### Task material
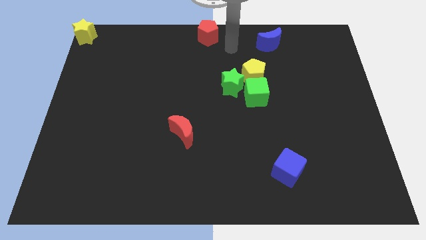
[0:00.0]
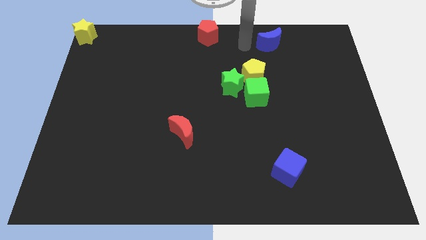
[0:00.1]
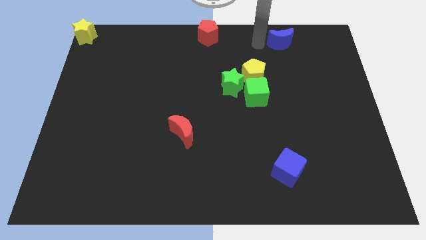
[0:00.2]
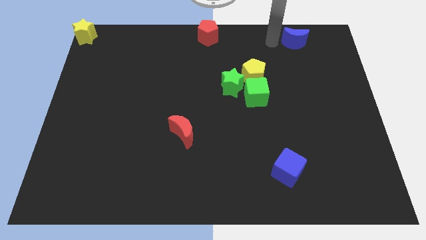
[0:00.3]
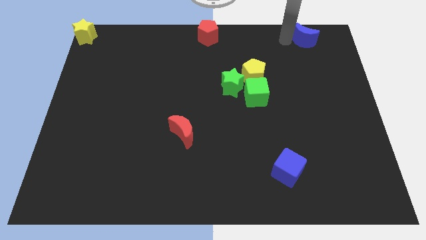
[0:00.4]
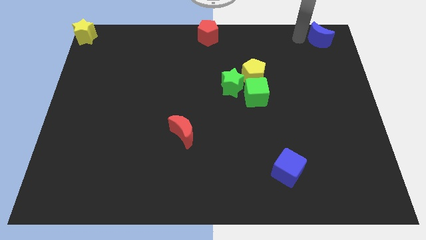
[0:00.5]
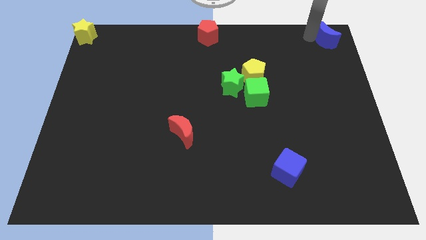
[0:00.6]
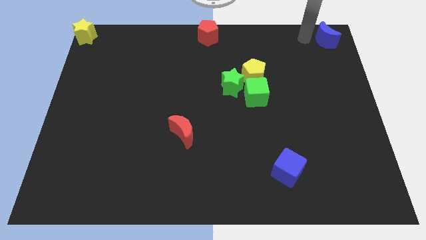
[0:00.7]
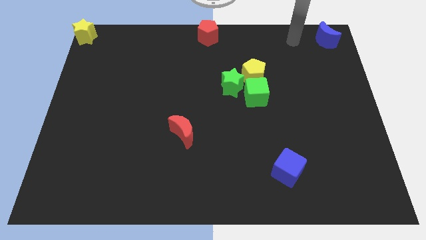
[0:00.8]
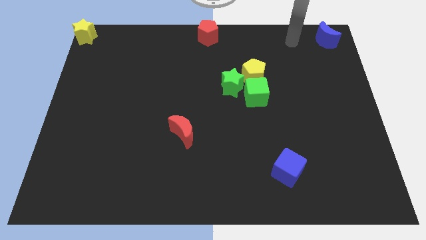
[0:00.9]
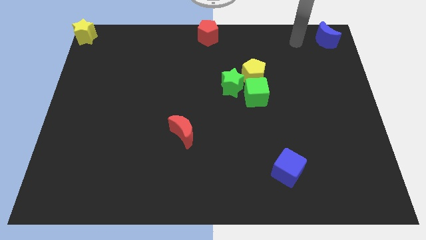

### Your instructions
Leave out the images and transcribe all the records exactly.

### Task output
[0:00.0]
[0:00.1]
[0:00.2]
[0:00.3]
[0:00.4]
[0:00.5]
[0:00.6]
[0:00.7]
[0:00.8]
[0:00.9]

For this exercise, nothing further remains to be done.